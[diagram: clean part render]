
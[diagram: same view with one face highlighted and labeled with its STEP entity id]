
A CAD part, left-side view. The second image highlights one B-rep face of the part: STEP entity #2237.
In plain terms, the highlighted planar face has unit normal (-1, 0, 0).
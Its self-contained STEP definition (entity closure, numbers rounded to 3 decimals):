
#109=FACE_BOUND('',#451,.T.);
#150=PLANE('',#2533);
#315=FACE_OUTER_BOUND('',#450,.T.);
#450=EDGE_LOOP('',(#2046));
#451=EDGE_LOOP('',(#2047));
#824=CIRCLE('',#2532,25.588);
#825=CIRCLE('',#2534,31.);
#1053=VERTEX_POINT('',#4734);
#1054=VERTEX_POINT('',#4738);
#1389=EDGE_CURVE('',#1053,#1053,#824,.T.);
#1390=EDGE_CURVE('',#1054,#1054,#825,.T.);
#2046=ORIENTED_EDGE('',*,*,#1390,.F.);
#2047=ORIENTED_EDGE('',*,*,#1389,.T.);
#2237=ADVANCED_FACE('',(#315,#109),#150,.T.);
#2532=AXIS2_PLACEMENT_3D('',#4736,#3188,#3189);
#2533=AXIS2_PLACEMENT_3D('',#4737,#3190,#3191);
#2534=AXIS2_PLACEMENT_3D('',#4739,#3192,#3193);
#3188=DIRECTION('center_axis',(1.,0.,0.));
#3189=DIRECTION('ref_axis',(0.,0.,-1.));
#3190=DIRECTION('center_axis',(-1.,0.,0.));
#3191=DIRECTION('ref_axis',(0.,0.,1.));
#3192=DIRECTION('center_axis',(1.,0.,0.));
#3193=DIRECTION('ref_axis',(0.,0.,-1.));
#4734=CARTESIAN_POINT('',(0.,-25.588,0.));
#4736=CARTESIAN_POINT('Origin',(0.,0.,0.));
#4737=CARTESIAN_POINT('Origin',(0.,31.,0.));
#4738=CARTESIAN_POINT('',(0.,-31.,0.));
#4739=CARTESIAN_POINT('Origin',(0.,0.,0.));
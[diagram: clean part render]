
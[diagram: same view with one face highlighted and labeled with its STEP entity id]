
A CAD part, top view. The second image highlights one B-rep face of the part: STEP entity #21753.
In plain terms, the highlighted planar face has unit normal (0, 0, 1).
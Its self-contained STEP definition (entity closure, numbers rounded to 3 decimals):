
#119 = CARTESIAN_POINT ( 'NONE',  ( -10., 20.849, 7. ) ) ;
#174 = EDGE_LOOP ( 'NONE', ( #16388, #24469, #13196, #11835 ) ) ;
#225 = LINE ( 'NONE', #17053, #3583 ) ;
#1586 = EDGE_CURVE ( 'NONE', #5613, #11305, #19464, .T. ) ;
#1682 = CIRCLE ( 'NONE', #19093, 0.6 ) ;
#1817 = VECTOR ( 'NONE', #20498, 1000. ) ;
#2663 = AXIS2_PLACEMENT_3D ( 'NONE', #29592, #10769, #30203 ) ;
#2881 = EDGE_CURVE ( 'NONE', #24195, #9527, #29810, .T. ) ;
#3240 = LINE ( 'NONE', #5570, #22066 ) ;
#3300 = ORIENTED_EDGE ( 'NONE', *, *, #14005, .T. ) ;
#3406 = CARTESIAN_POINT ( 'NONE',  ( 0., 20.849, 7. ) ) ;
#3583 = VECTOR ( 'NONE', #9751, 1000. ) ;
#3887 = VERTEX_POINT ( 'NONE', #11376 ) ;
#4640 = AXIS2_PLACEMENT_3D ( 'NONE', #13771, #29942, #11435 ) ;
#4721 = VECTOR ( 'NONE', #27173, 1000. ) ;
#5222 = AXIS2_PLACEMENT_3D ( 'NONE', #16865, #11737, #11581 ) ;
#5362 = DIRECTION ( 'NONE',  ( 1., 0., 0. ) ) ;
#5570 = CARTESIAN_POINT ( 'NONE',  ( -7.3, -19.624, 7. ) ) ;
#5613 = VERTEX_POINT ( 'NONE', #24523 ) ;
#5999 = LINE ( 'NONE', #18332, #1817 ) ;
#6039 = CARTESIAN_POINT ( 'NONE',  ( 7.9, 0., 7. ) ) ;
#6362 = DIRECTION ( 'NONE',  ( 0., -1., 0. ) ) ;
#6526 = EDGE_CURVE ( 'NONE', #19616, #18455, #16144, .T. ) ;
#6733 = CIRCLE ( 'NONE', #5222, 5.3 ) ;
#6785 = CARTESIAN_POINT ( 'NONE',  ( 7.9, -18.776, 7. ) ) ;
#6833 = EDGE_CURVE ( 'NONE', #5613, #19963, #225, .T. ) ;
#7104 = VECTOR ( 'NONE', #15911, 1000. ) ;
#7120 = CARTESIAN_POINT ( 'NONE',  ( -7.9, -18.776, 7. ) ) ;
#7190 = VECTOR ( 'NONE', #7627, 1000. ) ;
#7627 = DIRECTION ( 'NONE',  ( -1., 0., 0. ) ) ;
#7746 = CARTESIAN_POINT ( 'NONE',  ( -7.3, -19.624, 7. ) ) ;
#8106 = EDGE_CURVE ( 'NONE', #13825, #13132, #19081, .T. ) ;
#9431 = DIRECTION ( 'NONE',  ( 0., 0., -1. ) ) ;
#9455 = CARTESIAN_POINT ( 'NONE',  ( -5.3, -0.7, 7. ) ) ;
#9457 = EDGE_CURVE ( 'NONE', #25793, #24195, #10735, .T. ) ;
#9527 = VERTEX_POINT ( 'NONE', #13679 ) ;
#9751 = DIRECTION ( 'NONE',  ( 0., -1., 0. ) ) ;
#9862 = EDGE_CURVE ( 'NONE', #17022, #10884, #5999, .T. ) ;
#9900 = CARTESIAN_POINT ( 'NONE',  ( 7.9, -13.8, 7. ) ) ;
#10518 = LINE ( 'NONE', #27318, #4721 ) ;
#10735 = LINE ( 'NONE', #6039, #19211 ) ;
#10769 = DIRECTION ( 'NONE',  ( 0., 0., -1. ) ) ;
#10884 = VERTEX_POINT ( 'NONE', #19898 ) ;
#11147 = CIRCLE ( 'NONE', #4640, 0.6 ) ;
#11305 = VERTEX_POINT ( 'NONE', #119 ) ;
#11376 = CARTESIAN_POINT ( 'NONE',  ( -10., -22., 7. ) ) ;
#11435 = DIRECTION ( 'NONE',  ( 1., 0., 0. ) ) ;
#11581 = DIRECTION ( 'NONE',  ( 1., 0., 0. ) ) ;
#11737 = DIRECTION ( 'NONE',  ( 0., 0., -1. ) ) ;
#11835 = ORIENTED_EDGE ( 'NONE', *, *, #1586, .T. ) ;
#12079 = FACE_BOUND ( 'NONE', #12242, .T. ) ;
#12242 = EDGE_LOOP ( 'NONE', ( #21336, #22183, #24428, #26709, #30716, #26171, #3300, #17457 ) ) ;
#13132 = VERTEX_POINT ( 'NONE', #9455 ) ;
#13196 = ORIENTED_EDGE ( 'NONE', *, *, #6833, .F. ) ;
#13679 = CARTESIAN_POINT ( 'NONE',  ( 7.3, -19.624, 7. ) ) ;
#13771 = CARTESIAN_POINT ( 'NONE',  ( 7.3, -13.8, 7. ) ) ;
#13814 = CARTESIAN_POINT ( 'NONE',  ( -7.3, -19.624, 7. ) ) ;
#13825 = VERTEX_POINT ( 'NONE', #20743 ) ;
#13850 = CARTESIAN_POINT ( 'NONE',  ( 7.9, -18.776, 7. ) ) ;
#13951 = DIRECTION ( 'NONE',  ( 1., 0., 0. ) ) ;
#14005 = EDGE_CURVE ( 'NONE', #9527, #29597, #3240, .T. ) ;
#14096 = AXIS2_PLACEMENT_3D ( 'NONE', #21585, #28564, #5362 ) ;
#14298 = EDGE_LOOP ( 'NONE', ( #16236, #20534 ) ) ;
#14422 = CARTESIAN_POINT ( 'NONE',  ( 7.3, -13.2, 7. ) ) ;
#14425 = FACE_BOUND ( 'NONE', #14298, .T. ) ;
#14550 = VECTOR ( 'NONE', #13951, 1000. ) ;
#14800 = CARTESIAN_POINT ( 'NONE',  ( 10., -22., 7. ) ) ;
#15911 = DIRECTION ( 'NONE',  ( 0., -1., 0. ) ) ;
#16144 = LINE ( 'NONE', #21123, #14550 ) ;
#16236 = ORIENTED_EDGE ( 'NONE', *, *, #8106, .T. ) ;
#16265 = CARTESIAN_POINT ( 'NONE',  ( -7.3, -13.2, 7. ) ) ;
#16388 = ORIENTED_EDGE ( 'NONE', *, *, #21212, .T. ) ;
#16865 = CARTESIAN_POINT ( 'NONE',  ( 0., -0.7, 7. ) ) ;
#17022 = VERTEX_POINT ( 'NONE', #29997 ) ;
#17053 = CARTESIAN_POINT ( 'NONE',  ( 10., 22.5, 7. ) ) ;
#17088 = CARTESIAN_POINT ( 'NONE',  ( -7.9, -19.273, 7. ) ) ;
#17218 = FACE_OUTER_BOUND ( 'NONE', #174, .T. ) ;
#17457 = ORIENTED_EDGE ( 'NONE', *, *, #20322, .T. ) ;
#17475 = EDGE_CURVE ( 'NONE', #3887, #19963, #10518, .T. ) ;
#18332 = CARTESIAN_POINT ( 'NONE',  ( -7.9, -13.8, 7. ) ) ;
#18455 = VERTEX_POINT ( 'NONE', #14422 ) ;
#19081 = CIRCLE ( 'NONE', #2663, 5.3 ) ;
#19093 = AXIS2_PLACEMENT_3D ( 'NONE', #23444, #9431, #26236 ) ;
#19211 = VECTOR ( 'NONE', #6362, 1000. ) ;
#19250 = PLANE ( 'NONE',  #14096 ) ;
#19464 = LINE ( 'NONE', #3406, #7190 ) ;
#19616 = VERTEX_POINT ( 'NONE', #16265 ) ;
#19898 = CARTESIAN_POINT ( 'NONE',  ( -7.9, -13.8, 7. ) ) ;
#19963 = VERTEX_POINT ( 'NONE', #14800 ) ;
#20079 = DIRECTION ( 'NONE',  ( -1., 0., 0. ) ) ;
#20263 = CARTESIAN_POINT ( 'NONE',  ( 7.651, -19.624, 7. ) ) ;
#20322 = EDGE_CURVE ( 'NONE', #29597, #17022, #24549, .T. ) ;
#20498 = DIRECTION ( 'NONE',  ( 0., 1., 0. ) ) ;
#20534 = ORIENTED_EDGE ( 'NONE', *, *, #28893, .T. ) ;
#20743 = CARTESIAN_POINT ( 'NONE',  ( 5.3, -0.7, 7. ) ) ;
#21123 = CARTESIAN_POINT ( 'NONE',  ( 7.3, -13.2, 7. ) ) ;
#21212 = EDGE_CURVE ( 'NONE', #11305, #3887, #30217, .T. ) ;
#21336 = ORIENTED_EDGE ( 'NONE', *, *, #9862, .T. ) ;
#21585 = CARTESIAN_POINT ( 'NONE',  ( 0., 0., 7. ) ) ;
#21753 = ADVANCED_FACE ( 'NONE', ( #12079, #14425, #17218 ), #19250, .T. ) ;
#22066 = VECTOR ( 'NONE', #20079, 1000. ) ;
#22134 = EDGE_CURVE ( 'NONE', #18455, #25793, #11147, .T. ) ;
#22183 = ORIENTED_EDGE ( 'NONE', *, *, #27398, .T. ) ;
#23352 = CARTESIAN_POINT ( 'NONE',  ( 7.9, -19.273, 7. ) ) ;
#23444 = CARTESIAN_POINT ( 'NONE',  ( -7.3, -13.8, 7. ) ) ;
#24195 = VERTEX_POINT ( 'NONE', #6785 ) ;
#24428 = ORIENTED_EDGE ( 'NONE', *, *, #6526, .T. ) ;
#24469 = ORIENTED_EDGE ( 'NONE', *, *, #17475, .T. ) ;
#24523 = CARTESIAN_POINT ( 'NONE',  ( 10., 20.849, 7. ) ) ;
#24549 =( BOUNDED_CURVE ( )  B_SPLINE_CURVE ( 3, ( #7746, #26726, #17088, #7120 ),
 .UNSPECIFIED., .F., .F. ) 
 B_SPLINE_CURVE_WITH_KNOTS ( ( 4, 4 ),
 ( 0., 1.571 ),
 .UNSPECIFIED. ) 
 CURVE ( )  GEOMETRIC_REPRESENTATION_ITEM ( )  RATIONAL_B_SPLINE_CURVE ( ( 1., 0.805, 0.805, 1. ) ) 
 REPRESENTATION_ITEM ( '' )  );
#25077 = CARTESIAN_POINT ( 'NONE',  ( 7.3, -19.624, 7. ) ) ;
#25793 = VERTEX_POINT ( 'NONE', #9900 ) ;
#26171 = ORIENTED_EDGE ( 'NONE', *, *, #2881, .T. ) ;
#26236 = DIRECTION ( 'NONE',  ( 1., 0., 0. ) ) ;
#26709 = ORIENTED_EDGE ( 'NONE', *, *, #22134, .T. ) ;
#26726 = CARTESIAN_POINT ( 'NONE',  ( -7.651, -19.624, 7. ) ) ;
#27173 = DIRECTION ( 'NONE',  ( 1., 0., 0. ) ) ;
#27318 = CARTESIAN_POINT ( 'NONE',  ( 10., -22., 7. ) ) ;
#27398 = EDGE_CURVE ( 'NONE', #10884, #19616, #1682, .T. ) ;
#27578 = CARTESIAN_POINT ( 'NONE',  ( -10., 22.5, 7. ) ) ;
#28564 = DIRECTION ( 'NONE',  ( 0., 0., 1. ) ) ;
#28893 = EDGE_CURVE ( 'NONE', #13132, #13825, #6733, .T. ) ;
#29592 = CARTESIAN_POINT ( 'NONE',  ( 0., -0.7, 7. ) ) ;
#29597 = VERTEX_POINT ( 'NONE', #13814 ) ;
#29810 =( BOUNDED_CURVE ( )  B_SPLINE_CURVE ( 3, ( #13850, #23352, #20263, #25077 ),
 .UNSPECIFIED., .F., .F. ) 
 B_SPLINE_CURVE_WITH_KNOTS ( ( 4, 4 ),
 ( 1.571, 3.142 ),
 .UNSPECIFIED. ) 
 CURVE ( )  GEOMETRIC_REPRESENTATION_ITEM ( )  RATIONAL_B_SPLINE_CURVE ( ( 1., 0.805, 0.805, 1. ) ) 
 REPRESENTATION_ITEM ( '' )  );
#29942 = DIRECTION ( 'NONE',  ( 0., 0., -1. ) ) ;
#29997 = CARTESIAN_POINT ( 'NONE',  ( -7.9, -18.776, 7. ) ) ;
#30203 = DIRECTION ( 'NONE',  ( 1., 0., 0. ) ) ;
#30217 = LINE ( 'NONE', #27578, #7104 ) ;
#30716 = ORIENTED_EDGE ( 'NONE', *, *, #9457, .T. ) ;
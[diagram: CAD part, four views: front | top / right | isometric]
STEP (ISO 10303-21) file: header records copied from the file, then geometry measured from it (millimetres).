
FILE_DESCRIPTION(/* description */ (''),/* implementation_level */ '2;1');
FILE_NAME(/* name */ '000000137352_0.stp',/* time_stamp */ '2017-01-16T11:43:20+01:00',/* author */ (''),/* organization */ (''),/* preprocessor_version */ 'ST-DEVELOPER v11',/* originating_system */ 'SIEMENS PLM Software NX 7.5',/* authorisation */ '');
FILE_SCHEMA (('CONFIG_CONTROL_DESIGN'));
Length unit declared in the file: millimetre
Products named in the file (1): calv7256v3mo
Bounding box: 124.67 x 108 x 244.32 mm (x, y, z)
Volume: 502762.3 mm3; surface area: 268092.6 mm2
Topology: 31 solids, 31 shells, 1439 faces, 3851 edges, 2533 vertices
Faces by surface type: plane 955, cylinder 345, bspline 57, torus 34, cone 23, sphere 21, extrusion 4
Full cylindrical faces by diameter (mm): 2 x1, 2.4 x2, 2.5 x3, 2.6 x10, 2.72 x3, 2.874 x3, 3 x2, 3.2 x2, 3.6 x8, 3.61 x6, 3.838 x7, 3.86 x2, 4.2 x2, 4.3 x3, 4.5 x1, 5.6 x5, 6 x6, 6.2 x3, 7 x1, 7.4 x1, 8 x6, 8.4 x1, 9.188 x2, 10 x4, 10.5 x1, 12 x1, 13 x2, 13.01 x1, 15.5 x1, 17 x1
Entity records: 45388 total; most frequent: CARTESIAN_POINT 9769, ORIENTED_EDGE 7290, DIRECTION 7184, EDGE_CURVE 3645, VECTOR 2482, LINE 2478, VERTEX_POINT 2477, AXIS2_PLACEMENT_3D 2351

— Work request —
Above are the records; copy exactly the lines from the line with "#26726 = CARTESIAN_POINT" through the line with "#28564 = DIRECTION", both included.

— Task output —
#26726 = CARTESIAN_POINT ( 'NONE',  ( -7.651, -19.624, 7. ) ) ;
#27173 = DIRECTION ( 'NONE',  ( 1., 0., 0. ) ) ;
#27318 = CARTESIAN_POINT ( 'NONE',  ( 10., -22., 7. ) ) ;
#27398 = EDGE_CURVE ( 'NONE', #10884, #19616, #1682, .T. ) ;
#27578 = CARTESIAN_POINT ( 'NONE',  ( -10., 22.5, 7. ) ) ;
#28564 = DIRECTION ( 'NONE',  ( 0., 0., 1. ) ) ;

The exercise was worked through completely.